Umgehungstechniken hängen normalerweise von der Speichermanipulation ab, aber die Forscher hier verwenden den Windows Loader und missbrauchen ihn, um ihren Code zu laden, um Sicherheitsscanner zu umgehen. Wie sie das gemacht haben, verrieten die Forscher nicht.
Wer ist davon betroffen?
Potenziell alle Versionen von Windows 10, und viele führende AV-Software sind betroffen.
Laut den Forschern gibt es keine Möglichkeit, einen Patch herauszugeben, da der Angriff mehrere grundlegende Funktionen und Kernprozesse des Windows-Lademechanismus ausnutzt.

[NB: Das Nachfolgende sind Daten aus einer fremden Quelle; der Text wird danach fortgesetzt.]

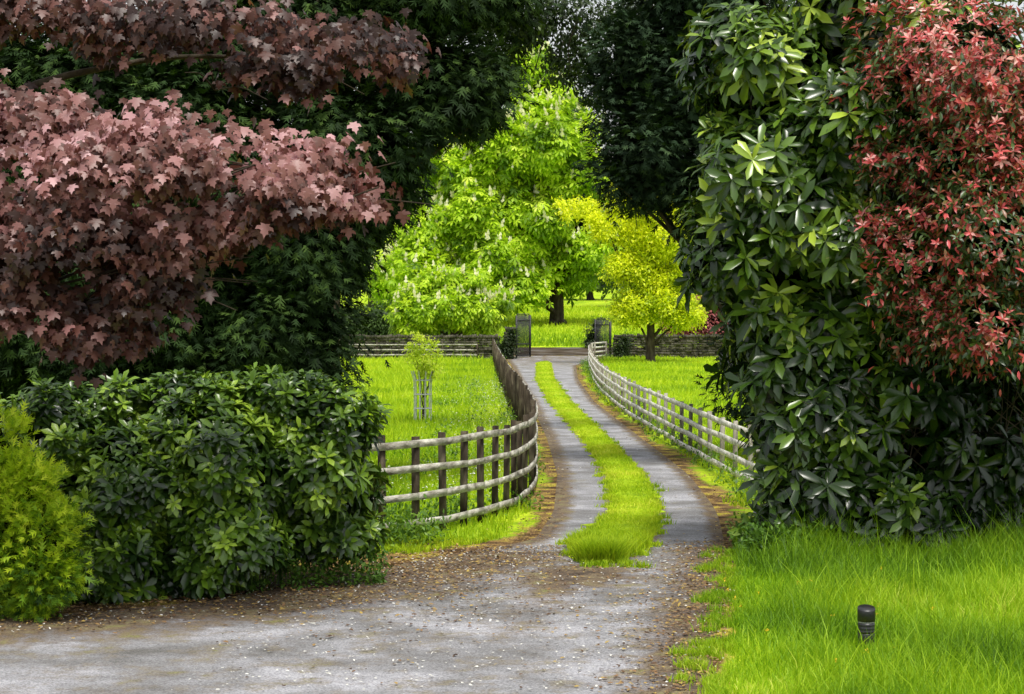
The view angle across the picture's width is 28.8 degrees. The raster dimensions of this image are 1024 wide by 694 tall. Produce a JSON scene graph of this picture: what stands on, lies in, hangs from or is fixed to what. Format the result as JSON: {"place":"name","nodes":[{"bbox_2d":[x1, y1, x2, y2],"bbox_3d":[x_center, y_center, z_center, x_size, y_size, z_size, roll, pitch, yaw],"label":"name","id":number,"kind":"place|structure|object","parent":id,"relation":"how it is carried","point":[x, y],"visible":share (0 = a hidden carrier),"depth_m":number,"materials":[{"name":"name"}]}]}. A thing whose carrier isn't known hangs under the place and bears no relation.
{"place":"outdoors","nodes":[
{"label":"outdoors","id":0,"kind":"place"},
{"bbox_2d":[0,356,726,693],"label":"driveway","id":1,"kind":"structure","parent":0,"point":[174,654],"depth_m":17.35,"materials":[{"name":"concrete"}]},
{"bbox_2d":[0,544,734,690],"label":"fallen petals","id":2,"kind":"object","parent":1,"relation":"on","point":[446,615],"visible":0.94,"depth_m":18.34,"materials":[{"name":"plant"}]},
{"bbox_2d":[0,369,750,693],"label":"fallen leaves","id":3,"kind":"object","parent":1,"relation":"on","point":[429,566],"visible":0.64,"depth_m":19.55,"materials":[{"name":"brown plant"}]},
{"bbox_2d":[515,313,530,357],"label":"iron gate","id":4,"kind":"structure","parent":1,"relation":"on","point":[520,320],"depth_m":113.83,"materials":[{"name":"black metal"}]},
{"bbox_2d":[535,362,666,557],"bbox_3d":[1.483,1.569,64.466,1.695,0.034,85.050,0,1,0],"label":"grass strip","id":5,"kind":"object","parent":1,"relation":"on","point":[632,512],"depth_m":29.88,"materials":[{"name":"green plant"}]},
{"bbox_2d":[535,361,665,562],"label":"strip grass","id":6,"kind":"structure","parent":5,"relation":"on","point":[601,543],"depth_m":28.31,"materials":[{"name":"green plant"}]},
{"bbox_2d":[532,376,676,568],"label":"stray tufts","id":7,"kind":"object","parent":1,"relation":"on","point":[626,562],"visible":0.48,"depth_m":26.21,"materials":[{"name":"green plant"}]},
{"bbox_2d":[545,387,705,537],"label":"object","id":8,"kind":"object","parent":1,"relation":"on","point":[592,468],"visible":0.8,"depth_m":41.37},
{"bbox_2d":[665,543,759,693],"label":"edge tufts","id":9,"kind":"object","parent":1,"relation":"on","point":[713,683],"visible":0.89,"depth_m":17.22,"materials":[{"name":"green plant"}]},
{"bbox_2d":[340,350,538,553],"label":"meadow grass","id":10,"kind":"structure","parent":0,"point":[395,382],"depth_m":47.18,"materials":[{"name":"green plant"}]},
{"bbox_2d":[4,288,1012,693],"bbox_3d":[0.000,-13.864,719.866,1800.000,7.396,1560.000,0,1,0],"label":"ground","id":11,"kind":"structure","parent":0,"point":[726,510],"depth_m":29.87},
{"bbox_2d":[0,398,100,623],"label":"golden conifer bush","id":12,"kind":"object","parent":11,"relation":"on","point":[40,519],"visible":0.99,"depth_m":17.88,"materials":[{"name":"green plant"}]},
{"bbox_2d":[0,361,393,604],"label":"laurel bush","id":13,"kind":"object","parent":11,"relation":"on","point":[207,485],"visible":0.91,"depth_m":19.49,"materials":[{"name":"green plant"}]},
{"bbox_2d":[0,0,440,389],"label":"purple maple tree","id":14,"kind":"object","parent":11,"relation":"on","point":[157,158],"visible":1,"depth_m":16.97,"materials":[{"name":"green plant"}]},
{"bbox_2d":[72,537,393,603],"bbox_3d":[-2.841,2.263,19.787,3.645,0.729,0.921,0,1,-24],"label":"ivy ground cover","id":15,"kind":"object","parent":11,"relation":"on","point":[343,568],"visible":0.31,"depth_m":20.15,"materials":[{"name":"green plant"}]},
{"bbox_2d":[0,0,563,420],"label":"yew tree","id":16,"kind":"object","parent":11,"relation":"on","point":[283,316],"visible":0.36,"depth_m":29.99,"materials":[{"name":"green plant"}]},
{"bbox_2d":[358,178,430,308],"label":"tree","id":17,"kind":"object","parent":11,"relation":"on","point":[373,239],"visible":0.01,"depth_m":182.85,"materials":[{"name":"green plant"}]},
{"bbox_2d":[340,295,471,338],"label":"hedge","id":18,"kind":"object","parent":11,"relation":"on","point":[378,325],"visible":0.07,"depth_m":130.17,"materials":[{"name":"green plant"}]},
{"bbox_2d":[339,343,477,357],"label":"timber fence","id":19,"kind":"object","parent":11,"relation":"on","point":[442,349],"visible":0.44,"depth_m":110.29,"materials":[{"name":"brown wood"}]},
{"bbox_2d":[339,334,500,357],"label":"dry stone wall","id":20,"kind":"structure","parent":11,"relation":"on","point":[484,341],"depth_m":113.00,"materials":[{"name":"grey stone"}]},
{"bbox_2d":[411,371,434,419],"bbox_3d":[-2.220,1.233,49.532,0.605,1.285,0.578,0,1,0],"label":"tree guard","id":21,"kind":"object","parent":11,"relation":"on","point":[415,398],"visible":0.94,"depth_m":49.40,"materials":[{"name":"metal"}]},
{"bbox_2d":[402,331,445,419],"bbox_3d":[-2.170,0.778,49.495,1.108,2.399,0.904,1,1,30],"label":"sapling","id":22,"kind":"object","parent":11,"relation":"on","point":[422,367],"visible":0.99,"depth_m":49.40,"materials":[{"name":"green plant"}]},
{"bbox_2d":[377,377,510,499],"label":"cow parsley flowers","id":23,"kind":"object","parent":11,"relation":"on","point":[467,427],"visible":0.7,"depth_m":44.03,"materials":[{"name":"white plant"}]},
{"bbox_2d":[365,338,537,533],"bbox_3d":[-1.909,0.987,65.811,4.674,1.386,85.094,0,1,0],"label":"timber fence","id":24,"kind":"object","parent":11,"relation":"on","point":[518,394],"visible":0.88,"depth_m":26.30,"materials":[{"name":"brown wood"}]},
{"bbox_2d":[382,259,520,352],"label":"horse chestnut tree","id":25,"kind":"object","parent":11,"relation":"on","point":[453,300],"visible":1,"depth_m":116.53,"materials":[{"name":"green plant"}]},
{"bbox_2d":[364,38,631,324],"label":"horse chestnut tree","id":26,"kind":"object","parent":11,"relation":"on","point":[494,202],"visible":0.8,"depth_m":145.07,"materials":[{"name":"green plant"}]},
{"bbox_2d":[497,324,520,358],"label":"shrub","id":27,"kind":"object","parent":11,"relation":"on","point":[506,349],"visible":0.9,"depth_m":111.94,"materials":[{"name":"green plant"}]},
{"bbox_2d":[503,327,515,357],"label":"gate pillar","id":28,"kind":"structure","parent":11,"relation":"on","point":[506,330],"depth_m":112.92,"materials":[{"name":"stone"}]},
{"bbox_2d":[333,0,786,315],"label":"lime tree","id":29,"kind":"object","parent":11,"relation":"on","point":[556,63],"visible":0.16,"depth_m":44.30,"materials":[{"name":"green plant"}]},
{"bbox_2d":[368,353,761,547],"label":"wayside weeds","id":30,"kind":"object","parent":11,"relation":"on","point":[398,529],"visible":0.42,"depth_m":28.83,"materials":[{"name":"green plant"}]},
{"bbox_2d":[580,314,608,347],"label":"shrub","id":31,"kind":"object","parent":11,"relation":"on","point":[589,338],"visible":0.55,"depth_m":121.28,"materials":[{"name":"green plant"}]},
{"bbox_2d":[570,279,624,299],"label":"tree","id":32,"kind":"object","parent":11,"relation":"on","point":[589,295],"visible":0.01,"depth_m":229.54,"materials":[{"name":"green plant"}]},
{"bbox_2d":[613,335,622,356],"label":"gate pillar","id":33,"kind":"structure","parent":11,"relation":"on","point":[615,337],"depth_m":113.18,"materials":[{"name":"stone"}]},
{"bbox_2d":[594,318,610,357],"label":"iron gate","id":34,"kind":"structure","parent":33,"relation":"attached to","point":[600,324],"depth_m":113.99,"materials":[{"name":"black metal"}]},
{"bbox_2d":[606,330,635,357],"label":"shrub","id":35,"kind":"object","parent":11,"relation":"on","point":[619,350],"visible":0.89,"depth_m":112.08,"materials":[{"name":"green plant"}]},
{"bbox_2d":[551,186,708,361],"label":"golden oak tree","id":36,"kind":"object","parent":11,"relation":"on","point":[649,265],"visible":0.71,"depth_m":101.96,"materials":[{"name":"yellow plant"}]},
{"bbox_2d":[596,212,683,298],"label":"tree","id":37,"kind":"object","parent":11,"relation":"on","point":[607,290],"visible":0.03,"depth_m":194.60,"materials":[{"name":"green plant"}]},
{"bbox_2d":[582,354,765,524],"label":"verge grass","id":38,"kind":"structure","parent":11,"relation":"on","point":[659,374],"depth_m":69.71,"materials":[{"name":"green plant"}]},
{"bbox_2d":[588,341,763,480],"bbox_3d":[3.914,1.070,68.165,1.909,1.127,89.328,0,1,1],"label":"timber fence","id":39,"kind":"object","parent":11,"relation":"on","point":[602,374],"visible":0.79,"depth_m":41.11,"materials":[{"name":"grey wood"}]},
{"bbox_2d":[621,333,730,357],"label":"dry stone wall","id":40,"kind":"structure","parent":11,"relation":"on","point":[686,345],"depth_m":113.00,"materials":[{"name":"grey stone"}]},
{"bbox_2d":[564,0,791,456],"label":"yew tree","id":41,"kind":"object","parent":11,"relation":"on","point":[648,157],"visible":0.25,"depth_m":35.23,"materials":[{"name":"green plant"}]},
{"bbox_2d":[656,294,727,349],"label":"copper beech shrub","id":42,"kind":"object","parent":11,"relation":"on","point":[713,319],"visible":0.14,"depth_m":117.85,"materials":[{"name":"red plant"}]},
{"bbox_2d":[719,511,832,560],"bbox_3d":[2.984,2.236,22.654,1.205,0.773,1.468,0,1,0],"label":"wayside ground cover","id":43,"kind":"object","parent":11,"relation":"on","point":[745,537],"visible":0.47,"depth_m":22.30,"materials":[{"name":"green plant"}]},
{"bbox_2d":[666,0,1023,556],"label":"rhododendron bush","id":44,"kind":"object","parent":11,"relation":"on","point":[769,209],"visible":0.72,"depth_m":22.35,"materials":[{"name":"green plant"}]},
{"bbox_2d":[857,604,874,649],"bbox_3d":[2.900,2.306,16.296,0.146,0.381,0.146,0,1,0],"label":"bollard light","id":45,"kind":"object","parent":11,"relation":"on","point":[866,614],"visible":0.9,"depth_m":16.24,"materials":[{"name":"black plastic"}]},
{"bbox_2d":[799,0,1023,514],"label":"photinia bush","id":46,"kind":"object","parent":11,"relation":"on","point":[970,144],"visible":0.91,"depth_m":21.32,"materials":[{"name":"red plant"}]},
{"bbox_2d":[15,0,1023,198],"label":"sky","id":47,"kind":"structure","parent":0,"point":[996,3],"materials":[{"name":"white"}]},
{"bbox_2d":[356,304,709,346],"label":"field grass","id":48,"kind":"structure","parent":0,"point":[588,313],"depth_m":143.13,"materials":[{"name":"green plant"}]},
{"bbox_2d":[366,347,714,354],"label":"road","id":49,"kind":"structure","parent":0,"point":[559,351],"depth_m":118.79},
{"bbox_2d":[718,492,1023,693],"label":"lawn grass","id":50,"kind":"structure","parent":0,"point":[975,649],"depth_m":17.56,"materials":[{"name":"green plant"}]},
{"bbox_2d":[723,578,934,672],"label":"dandelion flowers","id":51,"kind":"object","parent":50,"relation":"on","point":[768,629],"visible":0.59,"depth_m":18.19,"materials":[{"name":"plant"}]}
]}

Allerdings ist es für Angreifer auch schwer, Doppelgänging zu implementieren, da es ein genaues Verständnis von Binärdateien und Prozesskreationen erfordert, die von den Forschern nicht dokumentiert werden. Es ist jedoch ein Gefühl der Erleichterung!
Ein vollständiges Exemplar des Forschungsmaterials zum Prozess Doppelgänger ist erhältlich bei der enSilo-Website Dort können Sie sich auch für ein kostenloses Webinar anmelden, das sich mit dem Angriff und seiner Abwehr befasst.